# [DATA EXTRACT]

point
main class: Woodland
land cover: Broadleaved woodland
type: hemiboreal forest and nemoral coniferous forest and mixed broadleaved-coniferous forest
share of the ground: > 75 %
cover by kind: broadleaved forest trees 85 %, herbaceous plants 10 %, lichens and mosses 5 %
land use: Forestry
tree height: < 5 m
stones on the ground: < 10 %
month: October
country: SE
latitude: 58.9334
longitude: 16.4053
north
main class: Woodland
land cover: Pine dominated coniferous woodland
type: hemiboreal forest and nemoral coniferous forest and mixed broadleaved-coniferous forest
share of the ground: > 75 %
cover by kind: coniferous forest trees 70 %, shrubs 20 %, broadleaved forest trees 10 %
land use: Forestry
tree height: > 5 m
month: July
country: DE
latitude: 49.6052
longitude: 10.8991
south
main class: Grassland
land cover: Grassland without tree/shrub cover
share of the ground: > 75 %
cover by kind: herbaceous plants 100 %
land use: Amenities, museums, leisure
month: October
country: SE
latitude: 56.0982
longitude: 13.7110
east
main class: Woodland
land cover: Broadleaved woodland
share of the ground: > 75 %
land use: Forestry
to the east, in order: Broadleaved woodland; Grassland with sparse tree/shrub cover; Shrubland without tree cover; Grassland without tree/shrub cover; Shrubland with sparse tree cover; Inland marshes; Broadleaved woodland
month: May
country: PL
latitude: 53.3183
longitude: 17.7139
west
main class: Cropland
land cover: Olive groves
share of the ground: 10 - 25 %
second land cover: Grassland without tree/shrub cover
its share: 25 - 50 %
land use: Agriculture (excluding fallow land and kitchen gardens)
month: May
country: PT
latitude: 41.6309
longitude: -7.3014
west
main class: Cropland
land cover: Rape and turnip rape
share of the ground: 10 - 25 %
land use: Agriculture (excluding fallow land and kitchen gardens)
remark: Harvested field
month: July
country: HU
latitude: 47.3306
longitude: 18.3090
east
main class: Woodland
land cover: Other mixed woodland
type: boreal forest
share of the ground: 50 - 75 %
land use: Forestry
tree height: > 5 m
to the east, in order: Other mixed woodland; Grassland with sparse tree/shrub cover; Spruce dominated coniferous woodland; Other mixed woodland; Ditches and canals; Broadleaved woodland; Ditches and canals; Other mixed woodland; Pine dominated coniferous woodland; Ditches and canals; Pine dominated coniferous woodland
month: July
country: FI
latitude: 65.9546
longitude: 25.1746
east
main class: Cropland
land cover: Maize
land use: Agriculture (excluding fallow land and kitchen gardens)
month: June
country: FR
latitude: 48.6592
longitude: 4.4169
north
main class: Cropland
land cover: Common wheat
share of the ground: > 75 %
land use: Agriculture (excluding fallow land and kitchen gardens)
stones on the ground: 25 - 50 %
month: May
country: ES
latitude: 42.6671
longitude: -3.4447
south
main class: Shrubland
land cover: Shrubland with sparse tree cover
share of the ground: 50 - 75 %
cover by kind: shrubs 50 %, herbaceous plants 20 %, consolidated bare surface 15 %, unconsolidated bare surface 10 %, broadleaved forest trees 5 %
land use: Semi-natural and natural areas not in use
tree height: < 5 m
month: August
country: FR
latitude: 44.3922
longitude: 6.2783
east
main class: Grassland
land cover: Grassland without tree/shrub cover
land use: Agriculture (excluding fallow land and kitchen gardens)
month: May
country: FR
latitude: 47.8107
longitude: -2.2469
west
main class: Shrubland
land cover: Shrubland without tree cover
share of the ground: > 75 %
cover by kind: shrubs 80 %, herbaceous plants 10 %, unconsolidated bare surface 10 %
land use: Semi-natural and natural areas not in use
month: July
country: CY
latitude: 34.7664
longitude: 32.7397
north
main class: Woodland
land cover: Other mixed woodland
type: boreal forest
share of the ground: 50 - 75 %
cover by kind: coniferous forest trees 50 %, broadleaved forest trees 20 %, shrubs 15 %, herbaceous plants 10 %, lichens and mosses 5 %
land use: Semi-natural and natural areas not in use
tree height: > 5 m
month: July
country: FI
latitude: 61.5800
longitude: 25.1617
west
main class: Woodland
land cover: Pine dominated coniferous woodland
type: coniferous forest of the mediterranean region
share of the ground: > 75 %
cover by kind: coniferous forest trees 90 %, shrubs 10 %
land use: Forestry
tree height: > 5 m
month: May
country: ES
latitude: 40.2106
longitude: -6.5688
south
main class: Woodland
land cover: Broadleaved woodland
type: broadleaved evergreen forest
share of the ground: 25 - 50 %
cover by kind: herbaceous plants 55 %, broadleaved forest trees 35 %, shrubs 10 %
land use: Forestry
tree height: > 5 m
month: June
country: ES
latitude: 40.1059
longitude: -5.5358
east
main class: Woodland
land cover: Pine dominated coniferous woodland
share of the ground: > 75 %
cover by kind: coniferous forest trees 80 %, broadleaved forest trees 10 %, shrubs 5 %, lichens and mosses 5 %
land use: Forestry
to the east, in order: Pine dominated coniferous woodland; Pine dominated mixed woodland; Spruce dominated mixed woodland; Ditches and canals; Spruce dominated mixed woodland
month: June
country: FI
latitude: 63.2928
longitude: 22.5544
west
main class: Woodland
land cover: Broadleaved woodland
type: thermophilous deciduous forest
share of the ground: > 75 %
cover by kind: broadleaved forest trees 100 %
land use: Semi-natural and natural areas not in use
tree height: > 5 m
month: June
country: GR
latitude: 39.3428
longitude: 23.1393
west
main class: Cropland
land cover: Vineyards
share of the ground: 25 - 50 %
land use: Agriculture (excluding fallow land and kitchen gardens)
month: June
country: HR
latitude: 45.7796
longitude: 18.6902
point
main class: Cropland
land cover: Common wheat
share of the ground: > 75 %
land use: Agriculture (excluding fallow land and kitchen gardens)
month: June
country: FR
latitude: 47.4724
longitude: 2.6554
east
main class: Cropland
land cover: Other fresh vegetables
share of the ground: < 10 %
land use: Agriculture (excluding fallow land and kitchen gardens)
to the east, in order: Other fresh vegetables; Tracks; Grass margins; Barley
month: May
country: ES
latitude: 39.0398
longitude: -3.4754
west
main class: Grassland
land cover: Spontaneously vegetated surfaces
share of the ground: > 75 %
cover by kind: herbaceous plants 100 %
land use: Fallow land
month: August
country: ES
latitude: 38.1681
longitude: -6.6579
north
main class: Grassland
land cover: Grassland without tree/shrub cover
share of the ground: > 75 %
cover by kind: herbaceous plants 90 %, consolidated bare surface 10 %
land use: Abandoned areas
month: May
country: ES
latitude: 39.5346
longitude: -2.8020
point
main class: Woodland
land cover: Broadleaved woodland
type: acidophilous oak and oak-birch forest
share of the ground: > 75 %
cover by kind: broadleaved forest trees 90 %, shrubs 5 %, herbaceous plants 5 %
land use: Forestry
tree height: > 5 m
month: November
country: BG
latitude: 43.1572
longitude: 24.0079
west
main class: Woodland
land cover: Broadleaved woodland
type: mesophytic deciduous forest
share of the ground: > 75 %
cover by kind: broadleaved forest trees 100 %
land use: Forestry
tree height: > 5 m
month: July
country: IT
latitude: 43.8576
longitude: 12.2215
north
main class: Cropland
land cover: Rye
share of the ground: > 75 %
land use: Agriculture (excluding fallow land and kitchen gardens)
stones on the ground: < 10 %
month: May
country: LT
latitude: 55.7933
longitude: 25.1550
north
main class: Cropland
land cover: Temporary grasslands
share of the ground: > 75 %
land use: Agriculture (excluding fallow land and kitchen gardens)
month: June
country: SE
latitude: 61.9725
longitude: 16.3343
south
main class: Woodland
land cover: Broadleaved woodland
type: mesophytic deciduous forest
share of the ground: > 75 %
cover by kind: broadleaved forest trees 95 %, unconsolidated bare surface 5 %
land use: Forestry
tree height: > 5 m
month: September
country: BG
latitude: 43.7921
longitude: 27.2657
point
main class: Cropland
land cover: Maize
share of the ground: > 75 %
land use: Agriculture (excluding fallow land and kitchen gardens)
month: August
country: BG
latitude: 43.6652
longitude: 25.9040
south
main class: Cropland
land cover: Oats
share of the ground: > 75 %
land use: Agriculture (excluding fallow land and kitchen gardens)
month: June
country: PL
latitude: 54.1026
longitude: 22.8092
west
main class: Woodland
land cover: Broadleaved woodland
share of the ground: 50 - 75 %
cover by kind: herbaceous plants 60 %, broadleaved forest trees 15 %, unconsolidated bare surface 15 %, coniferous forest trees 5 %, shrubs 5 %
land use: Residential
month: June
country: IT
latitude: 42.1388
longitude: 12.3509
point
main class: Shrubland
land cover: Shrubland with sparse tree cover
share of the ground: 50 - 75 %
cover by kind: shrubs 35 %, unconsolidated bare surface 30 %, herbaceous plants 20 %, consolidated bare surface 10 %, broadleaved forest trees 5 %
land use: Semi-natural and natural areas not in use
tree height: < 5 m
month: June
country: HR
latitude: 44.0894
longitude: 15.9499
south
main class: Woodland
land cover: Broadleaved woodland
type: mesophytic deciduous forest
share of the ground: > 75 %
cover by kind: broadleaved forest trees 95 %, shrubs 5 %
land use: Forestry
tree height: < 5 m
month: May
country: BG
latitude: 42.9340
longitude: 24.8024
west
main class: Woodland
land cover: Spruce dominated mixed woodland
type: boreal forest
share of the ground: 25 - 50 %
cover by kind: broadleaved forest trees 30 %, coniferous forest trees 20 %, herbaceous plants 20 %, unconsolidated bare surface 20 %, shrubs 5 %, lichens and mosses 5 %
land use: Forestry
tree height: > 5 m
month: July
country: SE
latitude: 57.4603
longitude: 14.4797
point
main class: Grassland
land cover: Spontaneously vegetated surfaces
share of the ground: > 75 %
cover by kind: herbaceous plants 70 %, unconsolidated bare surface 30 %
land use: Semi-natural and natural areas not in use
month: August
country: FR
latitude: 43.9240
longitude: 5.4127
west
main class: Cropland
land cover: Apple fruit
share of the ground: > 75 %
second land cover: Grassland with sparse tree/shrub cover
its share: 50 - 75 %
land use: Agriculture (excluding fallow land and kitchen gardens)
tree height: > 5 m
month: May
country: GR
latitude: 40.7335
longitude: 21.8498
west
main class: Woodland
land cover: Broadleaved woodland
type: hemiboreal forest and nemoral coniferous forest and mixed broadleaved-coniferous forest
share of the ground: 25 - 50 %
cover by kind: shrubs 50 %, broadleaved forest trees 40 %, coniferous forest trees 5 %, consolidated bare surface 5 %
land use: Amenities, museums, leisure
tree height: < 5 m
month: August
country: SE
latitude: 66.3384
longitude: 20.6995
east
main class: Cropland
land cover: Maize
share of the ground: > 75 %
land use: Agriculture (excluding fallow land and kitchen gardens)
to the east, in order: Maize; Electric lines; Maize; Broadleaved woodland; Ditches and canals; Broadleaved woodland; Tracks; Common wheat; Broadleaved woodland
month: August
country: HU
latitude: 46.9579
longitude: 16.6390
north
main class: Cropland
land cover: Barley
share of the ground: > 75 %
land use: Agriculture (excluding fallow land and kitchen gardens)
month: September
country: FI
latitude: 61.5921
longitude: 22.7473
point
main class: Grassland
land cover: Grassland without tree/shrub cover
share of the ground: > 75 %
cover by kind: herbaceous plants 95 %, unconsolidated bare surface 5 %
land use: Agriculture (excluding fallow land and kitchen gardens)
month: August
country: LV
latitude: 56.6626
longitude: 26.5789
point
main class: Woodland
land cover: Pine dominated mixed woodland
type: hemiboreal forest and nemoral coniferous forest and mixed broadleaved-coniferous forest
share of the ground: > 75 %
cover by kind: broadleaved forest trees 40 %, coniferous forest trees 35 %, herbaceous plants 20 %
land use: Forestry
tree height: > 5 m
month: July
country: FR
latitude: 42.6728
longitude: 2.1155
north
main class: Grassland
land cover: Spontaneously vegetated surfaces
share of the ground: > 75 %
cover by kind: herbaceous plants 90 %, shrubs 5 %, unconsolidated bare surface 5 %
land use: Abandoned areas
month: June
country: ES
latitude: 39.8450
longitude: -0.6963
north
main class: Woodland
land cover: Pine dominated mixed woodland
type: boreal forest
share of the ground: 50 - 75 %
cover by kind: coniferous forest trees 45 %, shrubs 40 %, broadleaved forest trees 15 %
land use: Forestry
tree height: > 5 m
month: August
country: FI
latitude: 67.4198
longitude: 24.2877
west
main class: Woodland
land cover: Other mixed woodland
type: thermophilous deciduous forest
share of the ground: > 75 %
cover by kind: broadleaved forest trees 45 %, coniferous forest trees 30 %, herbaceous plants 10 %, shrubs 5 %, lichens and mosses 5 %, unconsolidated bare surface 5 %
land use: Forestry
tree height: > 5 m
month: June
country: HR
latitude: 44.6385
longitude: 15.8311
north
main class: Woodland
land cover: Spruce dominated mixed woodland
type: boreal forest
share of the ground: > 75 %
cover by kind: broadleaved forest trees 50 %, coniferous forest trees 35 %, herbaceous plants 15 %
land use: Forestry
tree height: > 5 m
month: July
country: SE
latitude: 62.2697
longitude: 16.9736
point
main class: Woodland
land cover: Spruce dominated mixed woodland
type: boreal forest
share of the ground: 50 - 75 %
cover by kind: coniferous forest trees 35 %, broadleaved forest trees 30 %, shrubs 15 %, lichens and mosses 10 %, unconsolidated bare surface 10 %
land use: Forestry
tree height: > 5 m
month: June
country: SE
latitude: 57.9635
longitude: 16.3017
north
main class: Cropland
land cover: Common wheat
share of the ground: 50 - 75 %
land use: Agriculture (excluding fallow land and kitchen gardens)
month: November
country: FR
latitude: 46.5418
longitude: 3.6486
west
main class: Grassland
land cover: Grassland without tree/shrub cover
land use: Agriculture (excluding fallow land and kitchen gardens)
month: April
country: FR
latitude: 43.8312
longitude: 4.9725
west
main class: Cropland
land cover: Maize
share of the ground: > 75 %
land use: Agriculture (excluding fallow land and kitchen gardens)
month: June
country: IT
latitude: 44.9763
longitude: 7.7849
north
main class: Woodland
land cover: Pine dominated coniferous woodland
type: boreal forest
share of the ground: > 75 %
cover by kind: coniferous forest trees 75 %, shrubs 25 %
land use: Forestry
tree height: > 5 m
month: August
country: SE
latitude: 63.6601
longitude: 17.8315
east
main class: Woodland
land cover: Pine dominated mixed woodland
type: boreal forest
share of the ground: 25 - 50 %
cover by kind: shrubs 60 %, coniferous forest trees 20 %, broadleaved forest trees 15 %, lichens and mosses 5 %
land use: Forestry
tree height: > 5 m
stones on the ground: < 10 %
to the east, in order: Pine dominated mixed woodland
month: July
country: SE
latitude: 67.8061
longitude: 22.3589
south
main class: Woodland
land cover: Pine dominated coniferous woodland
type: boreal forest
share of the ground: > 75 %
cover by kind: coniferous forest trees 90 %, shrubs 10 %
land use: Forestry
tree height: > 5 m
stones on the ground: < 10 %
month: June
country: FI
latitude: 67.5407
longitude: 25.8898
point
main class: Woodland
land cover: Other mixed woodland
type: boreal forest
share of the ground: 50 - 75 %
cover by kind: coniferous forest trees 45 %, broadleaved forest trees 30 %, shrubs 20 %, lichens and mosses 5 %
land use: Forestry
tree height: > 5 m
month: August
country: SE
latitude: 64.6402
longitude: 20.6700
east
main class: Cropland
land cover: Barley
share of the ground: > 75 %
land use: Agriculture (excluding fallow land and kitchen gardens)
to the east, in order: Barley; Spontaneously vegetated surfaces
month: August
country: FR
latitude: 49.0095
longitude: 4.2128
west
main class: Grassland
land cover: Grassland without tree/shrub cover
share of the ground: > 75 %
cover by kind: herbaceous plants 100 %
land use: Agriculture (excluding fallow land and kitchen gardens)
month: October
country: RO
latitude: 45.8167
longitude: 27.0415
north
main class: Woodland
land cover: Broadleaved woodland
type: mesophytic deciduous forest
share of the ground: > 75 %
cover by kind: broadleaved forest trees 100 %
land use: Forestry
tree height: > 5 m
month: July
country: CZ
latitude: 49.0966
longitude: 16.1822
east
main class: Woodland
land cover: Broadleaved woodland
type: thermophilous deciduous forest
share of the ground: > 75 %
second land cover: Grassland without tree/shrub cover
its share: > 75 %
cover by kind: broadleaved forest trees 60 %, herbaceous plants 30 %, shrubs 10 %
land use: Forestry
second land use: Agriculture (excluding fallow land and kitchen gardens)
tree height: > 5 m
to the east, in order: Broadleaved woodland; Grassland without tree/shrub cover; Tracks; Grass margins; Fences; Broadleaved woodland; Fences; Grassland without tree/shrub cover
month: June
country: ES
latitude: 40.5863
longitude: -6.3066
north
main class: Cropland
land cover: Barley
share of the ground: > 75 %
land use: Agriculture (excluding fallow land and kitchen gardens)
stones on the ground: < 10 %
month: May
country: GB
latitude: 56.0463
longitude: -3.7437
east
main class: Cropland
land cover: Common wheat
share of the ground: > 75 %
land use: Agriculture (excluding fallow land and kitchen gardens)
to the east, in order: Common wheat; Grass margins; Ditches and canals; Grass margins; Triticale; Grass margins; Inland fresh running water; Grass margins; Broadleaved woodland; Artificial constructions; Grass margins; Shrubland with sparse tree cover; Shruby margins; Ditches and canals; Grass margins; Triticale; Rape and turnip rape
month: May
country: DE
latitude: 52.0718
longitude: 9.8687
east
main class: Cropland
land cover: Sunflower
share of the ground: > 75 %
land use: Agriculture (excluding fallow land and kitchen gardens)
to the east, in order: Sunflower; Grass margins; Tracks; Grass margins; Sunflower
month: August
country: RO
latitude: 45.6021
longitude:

# [THE PROBLEM]
Wherever the string "sparse" turns up in the material, copy the whole line.

# [WRITTEN RESPONSE]
to the east, in order: Broadleaved woodland; Grassland with sparse tree/shrub cover; Shrubland without tree cover; Grassland without tree/shrub cover; Shrubland with sparse tree cover; Inland marshes; Broadleaved woodland
to the east, in order: Other mixed woodland; Grassland with sparse tree/shrub cover; Spruce dominated coniferous woodland; Other mixed woodland; Ditches and canals; Broadleaved woodland; Ditches and canals; Other mixed woodland; Pine dominated coniferous woodland; Ditches and canals; Pine dominated coniferous woodland
land cover: Shrubland with sparse tree cover
land cover: Shrubland with sparse tree cover
second land cover: Grassland with sparse tree/shrub cover
to the east, in order: Common wheat; Grass margins; Ditches and canals; Grass margins; Triticale; Grass margins; Inland fresh running water; Grass margins; Broadleaved woodland; Artificial constructions; Grass margins; Shrubland with sparse tree cover; Shruby margins; Ditches and canals; Grass margins; Triticale; Rape and turnip rape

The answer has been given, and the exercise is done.